Следует отметить, что такая «интуитивная» критика, основанная не на «методе», а на «разумном чувствовании», не часто интуитивно улавливает, скажем, присутствие в литературе идеологических ценностей. Хотя, на её собственный взгляд, нет оснований, почему она не могла бы этого сделать.

Некоторые традиционные критики придерживаются мнения, что прочие соглашаются с теориями, тогда как они сами предпочитают читать литературу «непосредственно». Иными словами, ни теоретические, ни идеологические предпочтения якобы не стоят между ними и текстом: для них нет никакой идеологии в описании мира поздней Джордж Элиот как «мудрого смирения», но если определить этот мир как мир бегства и компромисса – идеология налицо.

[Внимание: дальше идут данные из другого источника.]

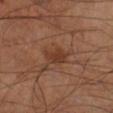| feature | finding |
|---|---|
| workup | total-body-photography surveillance lesion; no biopsy |
| subject | male, in their mid-60s |
| acquisition | ~15 mm crop, total-body skin-cancer survey |
| location | the left lower leg |
| illumination | cross-polarized illumination |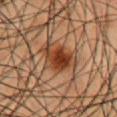anatomic site = the chest; lighting = cross-polarized illumination; acquisition = ~15 mm tile from a whole-body skin photo; subject = male, in their mid-50s; lesion diameter = ~4.5 mm (longest diameter).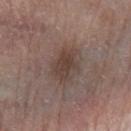Impression:
No biopsy was performed on this lesion — it was imaged during a full skin examination and was not determined to be concerning.
Clinical summary:
About 4.5 mm across. A 15 mm close-up extracted from a 3D total-body photography capture. This is a white-light tile. A female subject, aged around 65. From the left forearm.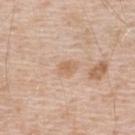Part of a total-body skin-imaging series; this lesion was reviewed on a skin check and was not flagged for biopsy.
The lesion is on the upper back.
A male patient, aged 48–52.
The recorded lesion diameter is about 2.5 mm.
The tile uses white-light illumination.
A close-up tile cropped from a whole-body skin photograph, about 15 mm across.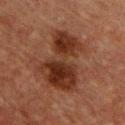Clinical impression:
Recorded during total-body skin imaging; not selected for excision or biopsy.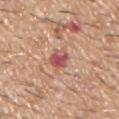Imaged during a routine full-body skin examination; the lesion was not biopsied and no histopathology is available.
A male subject, in their 60s.
Cropped from a whole-body photographic skin survey; the tile spans about 15 mm.
The lesion is located on the chest.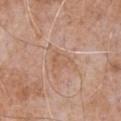Part of a total-body skin-imaging series; this lesion was reviewed on a skin check and was not flagged for biopsy. The subject is a male aged around 65. Captured under white-light illumination. A region of skin cropped from a whole-body photographic capture, roughly 15 mm wide. The lesion is on the chest. Approximately 2.5 mm at its widest.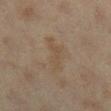Assessment: No biopsy was performed on this lesion — it was imaged during a full skin examination and was not determined to be concerning. Context: This image is a 15 mm lesion crop taken from a total-body photograph. A female subject in their 40s. Measured at roughly 4.5 mm in maximum diameter. From the right lower leg. This is a cross-polarized tile. Automated tile analysis of the lesion measured a footprint of about 7.5 mm² and two-axis asymmetry of about 0.55.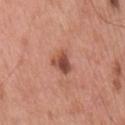Findings:
- image source · total-body-photography crop, ~15 mm field of view
- subject · male, aged 53 to 57
- lighting · white-light illumination
- anatomic site · the mid back
- automated metrics · an average lesion color of about L≈49 a*≈26 b*≈30 (CIELAB) and a lesion–skin lightness drop of about 13; a border-irregularity index near 3/10, a color-variation rating of about 5.5/10, and peripheral color asymmetry of about 2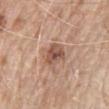– follow-up — imaged on a skin check; not biopsied
– image source — ~15 mm tile from a whole-body skin photo
– patient — male, approximately 80 years of age
– tile lighting — white-light illumination
– site — the mid back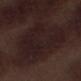{"biopsy_status": "not biopsied; imaged during a skin examination", "lighting": "white-light", "image": {"source": "total-body photography crop", "field_of_view_mm": 15}, "lesion_size": {"long_diameter_mm_approx": 9.0}, "automated_metrics": {"cielab_L": 18, "cielab_a": 14, "cielab_b": 13, "vs_skin_darker_L": 5.0, "vs_skin_contrast_norm": 7.0}, "patient": {"sex": "male", "age_approx": 70}, "site": "left lower leg"}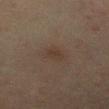Q: How large is the lesion?
A: ~3 mm (longest diameter)
Q: Patient demographics?
A: female, aged 53–57
Q: Illumination type?
A: cross-polarized
Q: How was this image acquired?
A: total-body-photography crop, ~15 mm field of view
Q: Where on the body is the lesion?
A: the right lower leg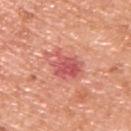Q: Was this lesion biopsied?
A: imaged on a skin check; not biopsied
Q: Who is the patient?
A: male, in their 50s
Q: What lighting was used for the tile?
A: white-light illumination
Q: How was this image acquired?
A: 15 mm crop, total-body photography
Q: What is the anatomic site?
A: the back
Q: How large is the lesion?
A: ≈5 mm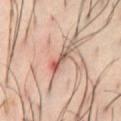Context: Located on the front of the torso. This is a cross-polarized tile. Measured at roughly 4 mm in maximum diameter. A roughly 15 mm field-of-view crop from a total-body skin photograph. A male patient aged 38–42.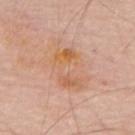workup=total-body-photography surveillance lesion; no biopsy
illumination=white-light
image=~15 mm crop, total-body skin-cancer survey
subject=male, in their 70s
diameter=~6.5 mm (longest diameter)
body site=the upper back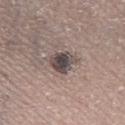workup: catalogued during a skin exam; not biopsied | patient: male, about 65 years old | body site: the leg | TBP lesion metrics: a mean CIELAB color near L≈44 a*≈11 b*≈15, about 15 CIELAB-L* units darker than the surrounding skin, and a normalized lesion–skin contrast near 11.5; a lesion-detection confidence of about 95/100 | image: 15 mm crop, total-body photography | diameter: ~3 mm (longest diameter).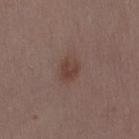Assessment:
The lesion was tiled from a total-body skin photograph and was not biopsied.
Acquisition and patient details:
A female subject in their 50s. The lesion is on the right thigh. A roughly 15 mm field-of-view crop from a total-body skin photograph. The recorded lesion diameter is about 3 mm.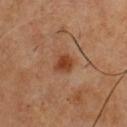Q: Was a biopsy performed?
A: catalogued during a skin exam; not biopsied
Q: Lesion location?
A: the chest
Q: Illumination type?
A: cross-polarized
Q: What are the patient's age and sex?
A: male, in their 50s
Q: Lesion size?
A: ≈2.5 mm
Q: How was this image acquired?
A: ~15 mm tile from a whole-body skin photo
Q: Automated lesion metrics?
A: an average lesion color of about L≈42 a*≈25 b*≈34 (CIELAB), about 10 CIELAB-L* units darker than the surrounding skin, and a normalized border contrast of about 9; a classifier nevus-likeness of about 95/100 and a lesion-detection confidence of about 100/100

Поэтому сложно склонить таких литературоведов к спорам об идеологических пристрастиях, так как власть идеологии над ними более всего сквозит как раз в их честной вере в «чистоту» своих прочтений.

По их мнению, именно Ливис, нападавший на Мильтона, демонстрировал свою приверженность «доктрине», а не защищавший его К. С. Льюис; именно феминистские критики настаивали на соединении литературы с политикой, исследуя литературные образы гендера, а не традиционные литературоведы, политизированность коих очень ярко проявлялась через утверждение, что Кларисса у Ричардсона, в значительной степени сама несёт ответственность за собственное изнасилование.